06/07/2007

. . . the places you have come to fear the most *


The places you Have come to Fear the Most * *

"Buried deep as you can Dig inside yourself, And covered with A perfect shell, Such a charming Beautiful exterior. Laced with a brilliant smile And shining eyes Perfect posture But you're barely scraping by You're barely scraping by This is one time That you can't fake It hard enough to please Everyone or anyone at all. And the grave that You refuse to leave The refuge that You've built to flee The places that You have come to fear the most. Buried deep as you can Dig inside yourself, And hidden in the public eye. Such a stellar Monument to loneliness. Laced with brilliant smiles And shining eyes And perfect makeup But you're barely scraping by"

I am a coward, such a coward, that I always write what I feel because I don't what to cry over these feelings - I don't want to even realize that I am living within them.

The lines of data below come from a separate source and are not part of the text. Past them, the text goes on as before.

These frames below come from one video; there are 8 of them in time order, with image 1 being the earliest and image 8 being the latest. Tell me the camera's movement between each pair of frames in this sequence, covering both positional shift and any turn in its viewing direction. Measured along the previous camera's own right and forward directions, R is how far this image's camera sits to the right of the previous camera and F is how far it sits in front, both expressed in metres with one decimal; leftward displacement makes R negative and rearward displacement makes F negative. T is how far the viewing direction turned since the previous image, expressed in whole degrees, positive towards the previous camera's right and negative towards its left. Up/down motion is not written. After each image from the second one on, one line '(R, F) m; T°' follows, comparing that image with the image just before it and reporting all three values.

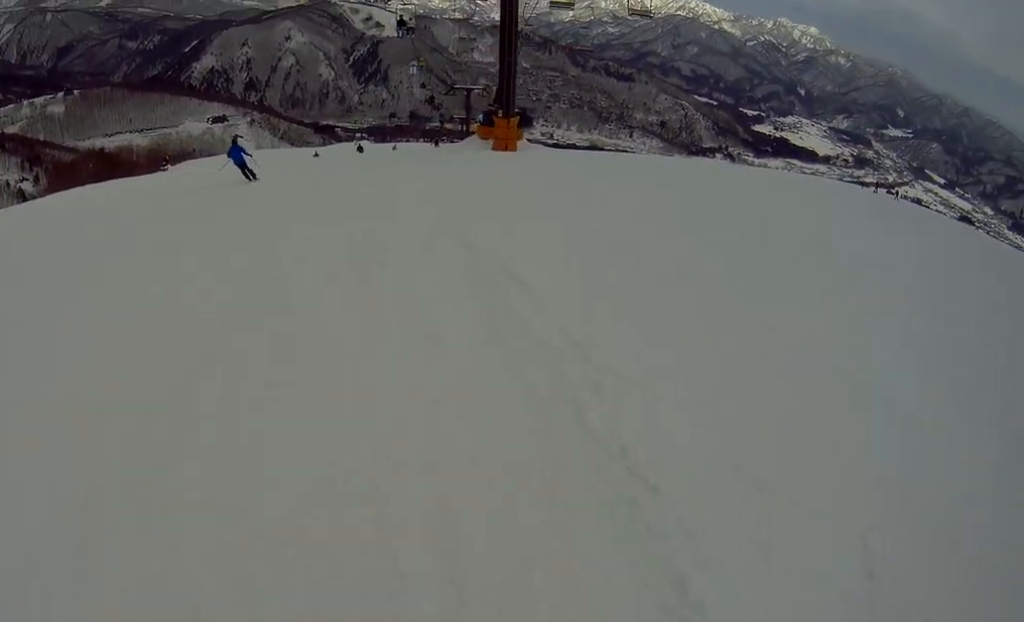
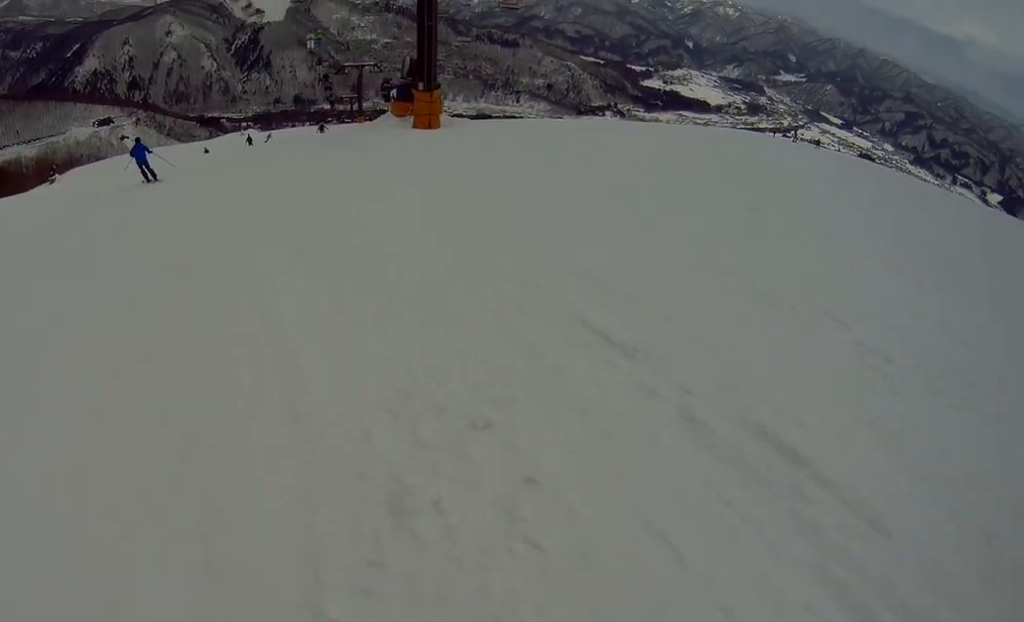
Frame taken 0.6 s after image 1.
(+0.2, +4.6) m; +1°
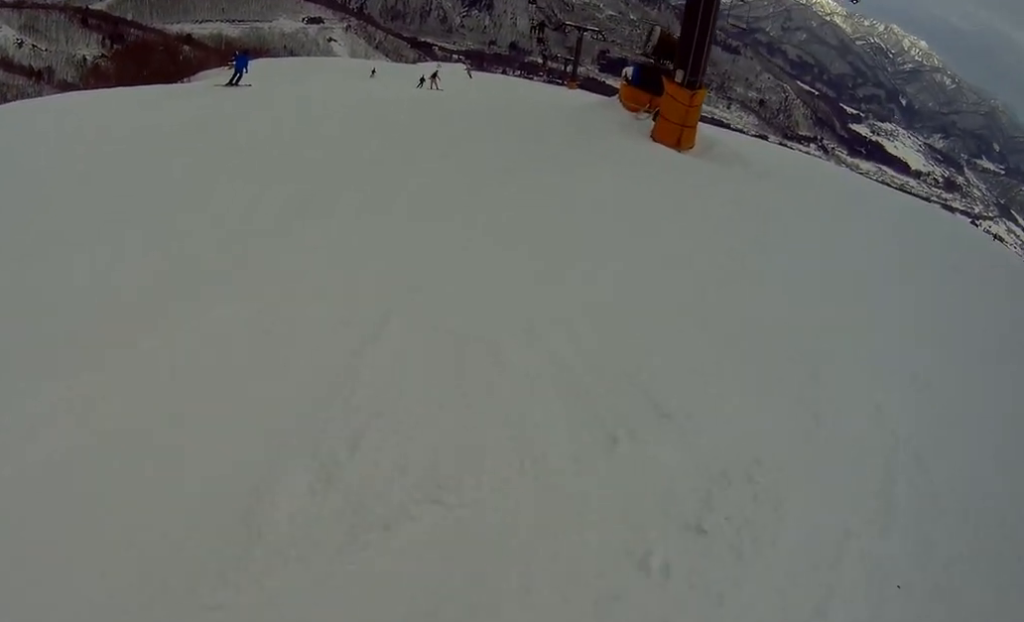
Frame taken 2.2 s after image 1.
(-2.3, +13.3) m; -4°
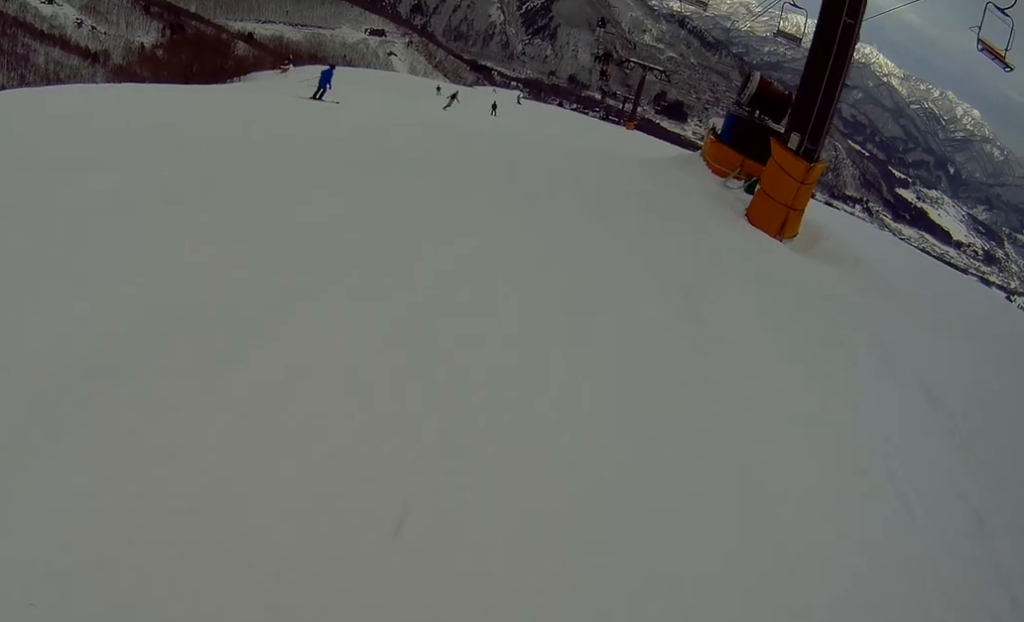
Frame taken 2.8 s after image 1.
(+0.7, +5.1) m; +6°
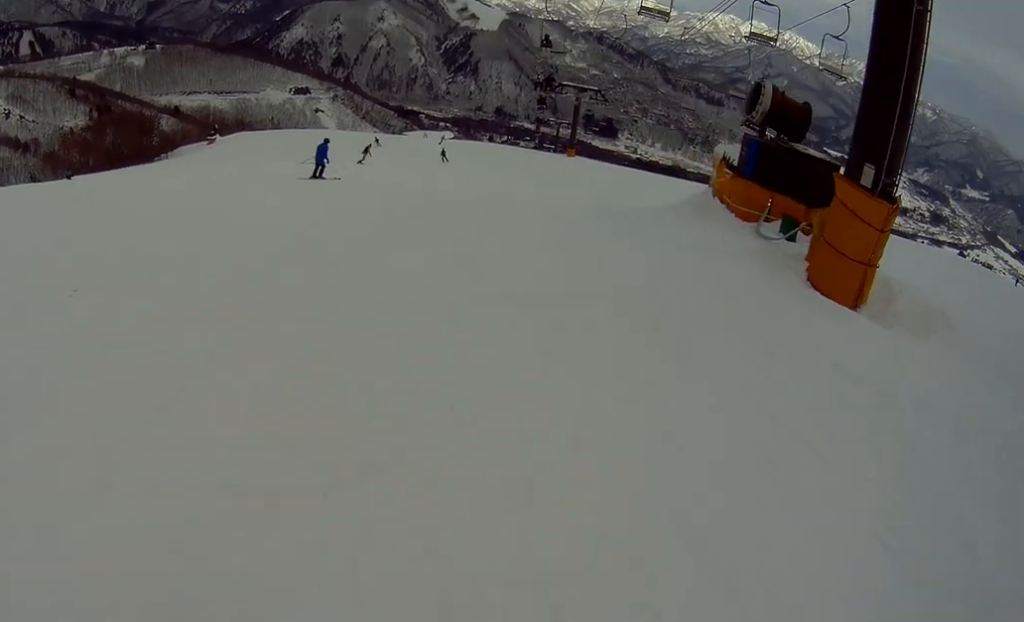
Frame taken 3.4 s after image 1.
(+1.1, +4.8) m; +7°
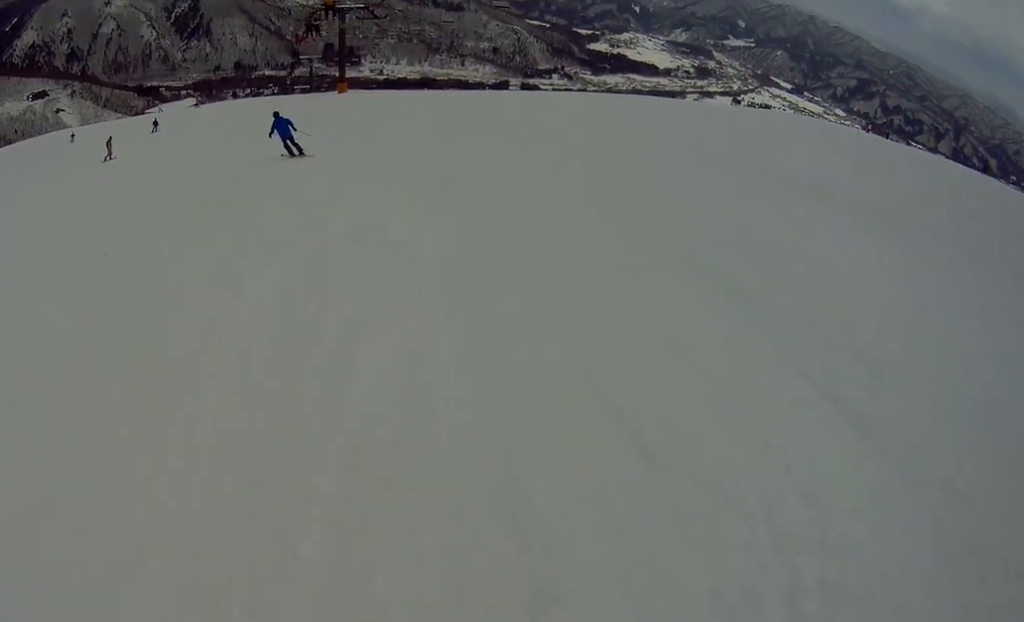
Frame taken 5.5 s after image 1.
(-0.4, +19.8) m; -14°
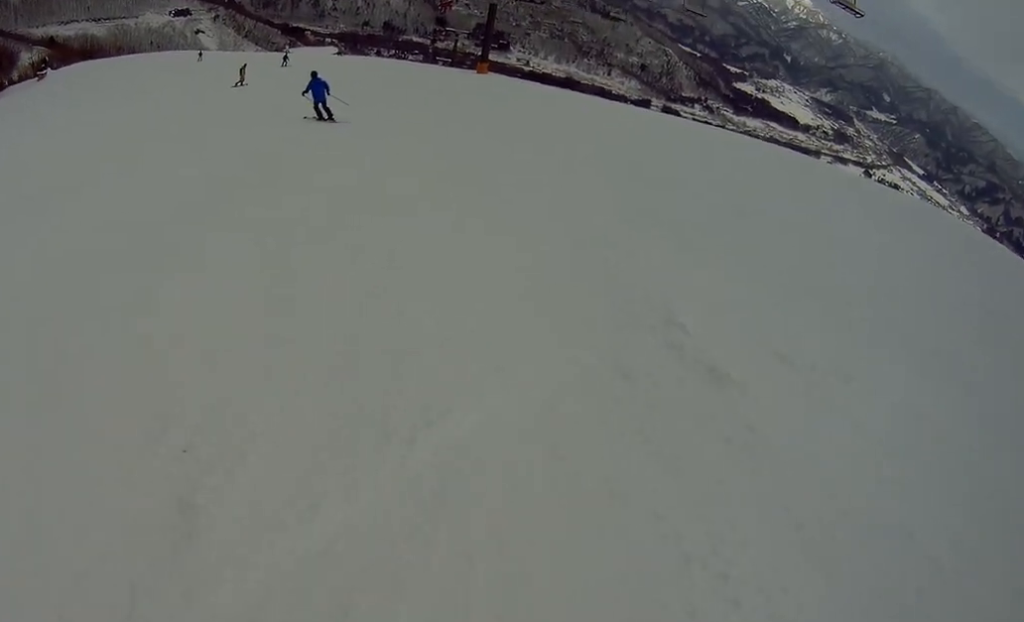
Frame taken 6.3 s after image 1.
(-2.0, +6.9) m; -8°
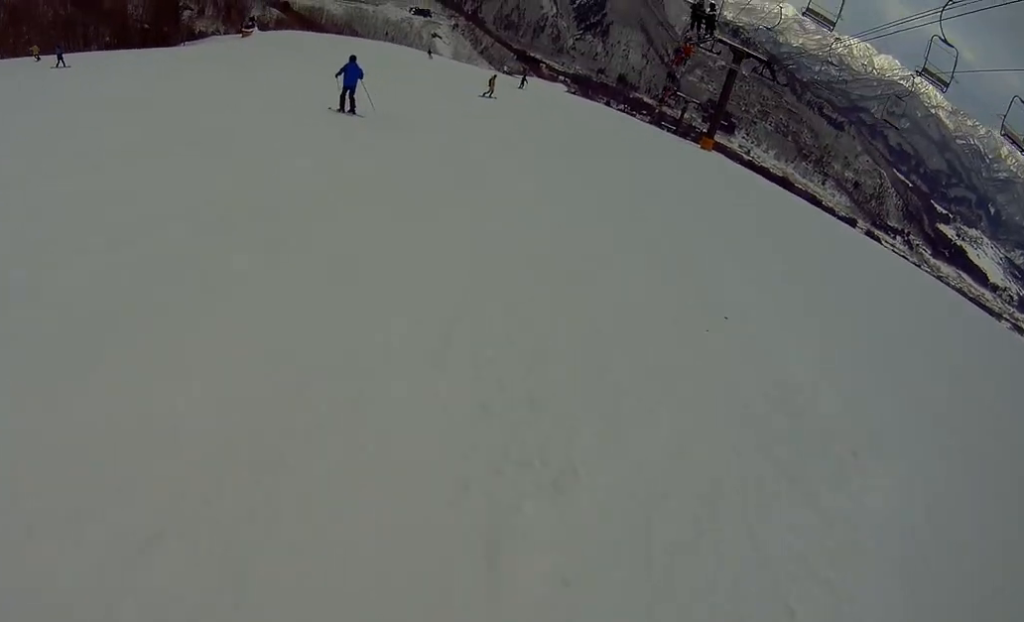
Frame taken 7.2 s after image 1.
(+0.5, +8.1) m; +2°

I am a piece of poetry that is just telling all about the essence of sadness and fear

I am the happiest person when you are by my side
when I am able to kiss your blessed lips
when I am able to love you just in a simply sigh.
when cold turns to be a metaphor when our bodies come together
when your words are lyrics for my soul.

I am really happy . . when you are happy too.

But, what happen when you don't wanna be happy in the same way I wanna be? You start messing up my whole world at your own way, believing that you are such a magnificent artist that you are able to conquer foreign eyes just to leave them later on.
You play as you wouldn't know the rules - You play as the same way the wind plays ignoring my presence every now and then.

You are such a blind, deaf and heartless person . . .

Eyes that cannot see a poor girl who gives her life for your poetry; Ears that cannot hear myself yelling at night and heart that doesn't want to receive sincere and real love.
You are a coward, such a coward, that you always write what you feel because you don't what to cry over those feelings - You don't want to even realize that you are living within them.
Life has always treated you in the worst and hardest way, you have always cried endless salty rivers, Life has always been your worst enemy
But I just wanted to be your friend
I just wanted to simply love you twenty four seven
I just wanted to show you up in the sky the sun shining constantly
I just wanted to heal your injuries, to dry your tears once for all.
I just wanted to be part of your unique and lovely smile.

You didn't accept me - You wanted to - But you couldn't because your cowardice and fear didn't allow you to do it. And I cried you ever since you left me.

The truth is that I have never stopped loving you.